You’re correct that the transforms_side_on
flips the image left and right.
However, transforms_top_down
is more than just vertical flipping. It’s vertical flips + horizontal flips + every possible 90-degree rotation.
I believe the naming comes from the idea that some images you would capture from the side (like taking a photo of a cat or dog) vs some you take top-down (like satellite images, or food photos on instagram…). In the side-on case, realistic data augmentations would be flipping horizontally (except in the occasional case of the sidewise or upside-down hanging cat/dog…).
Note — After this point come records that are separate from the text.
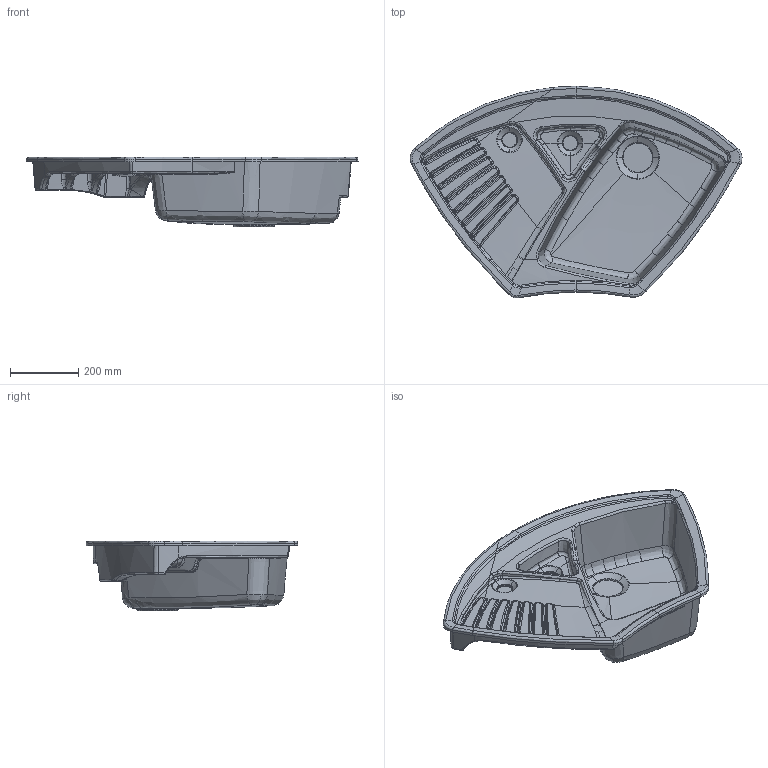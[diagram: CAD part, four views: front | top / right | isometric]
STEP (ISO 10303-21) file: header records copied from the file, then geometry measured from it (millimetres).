
FILE_DESCRIPTION(/* description */ (''),/* implementation_level */ '2;1');
FILE_NAME(/* name */ 'Arena_6729_Eckspuele.stp',/* time_stamp */ '2019-02-28T14:11:57+01:00',/* author */ (''),/* organization */ (''),/* preprocessor_version */ 'ST-DEVELOPER v16',/* originating_system */ 'SIEMENS PLM Software NX 10.0',/* authorisation */ '');
FILE_SCHEMA (('AUTOMOTIVE_DESIGN { 1 0 10303 214 3 1 1 1 }'));
Products named in the file (1): Sier269C89C7mox6
Bounding box: 976.16 x 622.09 x 205.02 mm (x, y, z)
Volume: 13422253.3 mm3; surface area: 1552169.9 mm2
Topology: 1 solids, 1 shells, 882 faces, 2865 edges, 1970 vertices
Faces by surface type: bspline 808, cylinder 31, plane 25, cone 18
Entity records: 57995 total; most frequent: CARTESIAN_POINT 40827, ORIENTED_EDGE 5696, EDGE_CURVE 2848, B_SPLINE_CURVE_WITH_KNOTS 2837, VERTEX_POINT 1970, EDGE_LOOP 884, ADVANCED_FACE 882, FACE_OUTER_BOUND 880
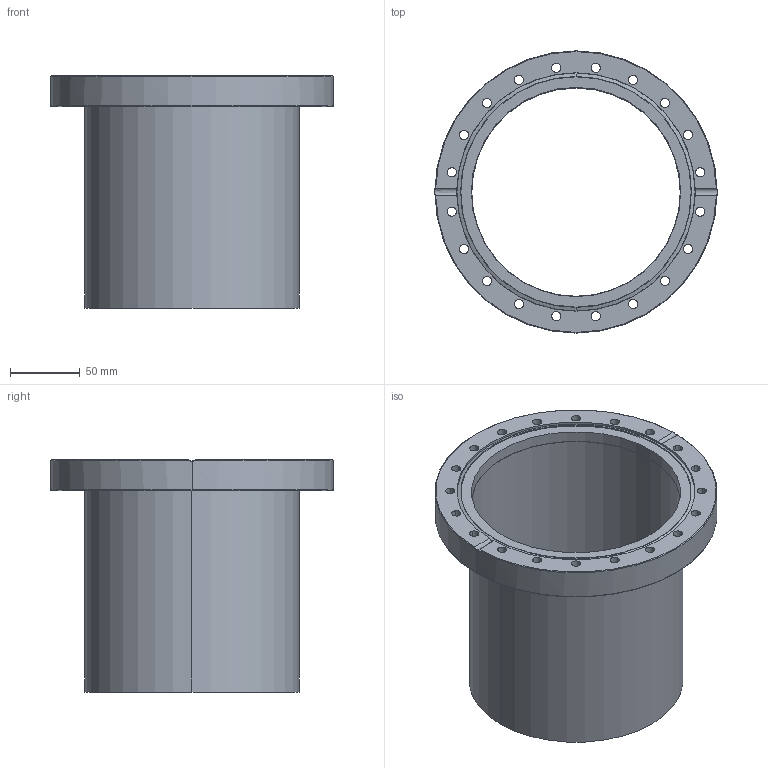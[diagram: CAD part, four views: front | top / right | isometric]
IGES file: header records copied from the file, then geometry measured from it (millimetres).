
Global section: file name: No Iges File Name specified; native system: AutoDesk Inventor R12.0; preprocessor: AutoDesk Inventor Iges Exporter R12.0; date: 20090409.130234; units: millimetre
Bounding box: 203 x 203 x 167 mm (x, y, z)
Volume: 426458.6 mm3; surface area: 234907.2 mm2
Topology: 3 solids, 3 shells, 89 faces, 236 edges, 154 vertices
Faces by surface type: bspline 52, revolution 14, torus 8, plane 7, cylinder 6, cone 2
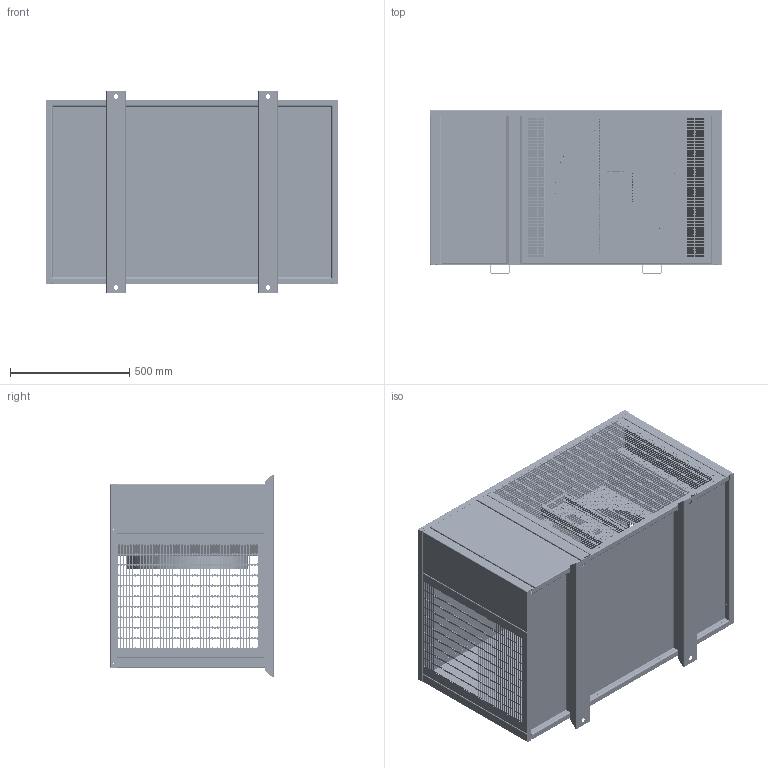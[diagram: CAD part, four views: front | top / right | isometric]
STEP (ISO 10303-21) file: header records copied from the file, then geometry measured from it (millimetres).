
FILE_DESCRIPTION(('FreeCAD Model'),'2;1');
FILE_NAME('Open CASCADE Shape Model','2025-04-30T22:53:50',('FreeCAD'),( 'FreeCAD'),'Open CASCADE STEP processor 7.6','FreeCAD','Unknown');
FILE_SCHEMA(('AUTOMOTIVE_DESIGN { 1 0 10303 214 1 1 1 1 }'));
Products named in the file (1): Open CASCADE STEP translator 7.6 1
Bounding box: 1225.87 x 685.13 x 850.93 mm (x, y, z)
Volume: 7140820.4 mm3; surface area: 13148785.2 mm2
Topology: 20 solids, 20 shells, 10975 faces, 32015 edges, 21080 vertices
Faces by surface type: bspline 10975
Entity records: 357507 total; most frequent: CARTESIAN_POINT 174681, ORIENTED_EDGE 64030, EDGE_CURVE 32015, VERTEX_POINT 21080, B_SPLINE_CURVE_WITH_KNOTS 19867, FACE_BOUND 14895, EDGE_LOOP 14895, ADVANCED_FACE 10975

In top-down imaging like with satellites, you can rotate and flip the image in every direction and it could still look like a plausible training image.
Here are some examples generated using the transform functions with cat/dog lesson1 images:
original cat image:
transforms_side_on, 12 examples:
transforms_top_down, 12 examples (note the mirror images + rotations):
Here’s a look at transforms.py:
transforms_basic = [RandomRotateXY(10), RandomLightingXY(0.05, 0.05)]
transforms_side_on = transforms_basic + [RandomFlipXY()]
transforms_top_down = transforms_basic + [RandomDihedralXY()]
class RandomDihedralXY(CoordTransform):
def set_state(self):
self.rot_times = random.randint(0,4)
self.do_flip = random.random()<0.5
def do_transform(self, x):
x = np.rot90(x, self.rot_times)
return np.fliplr(x).copy() if self.do_flip else x
class RandomFlipXY(CoordTransform):
def set_state(self):
self.do_flip = random.random()<0.5
def do_transform(self, x):
return np.fliplr(x).copy() if self.do_flip else x
Note that with both settings, there’s a bit of slight rotation and brightness adjustments included by default as well.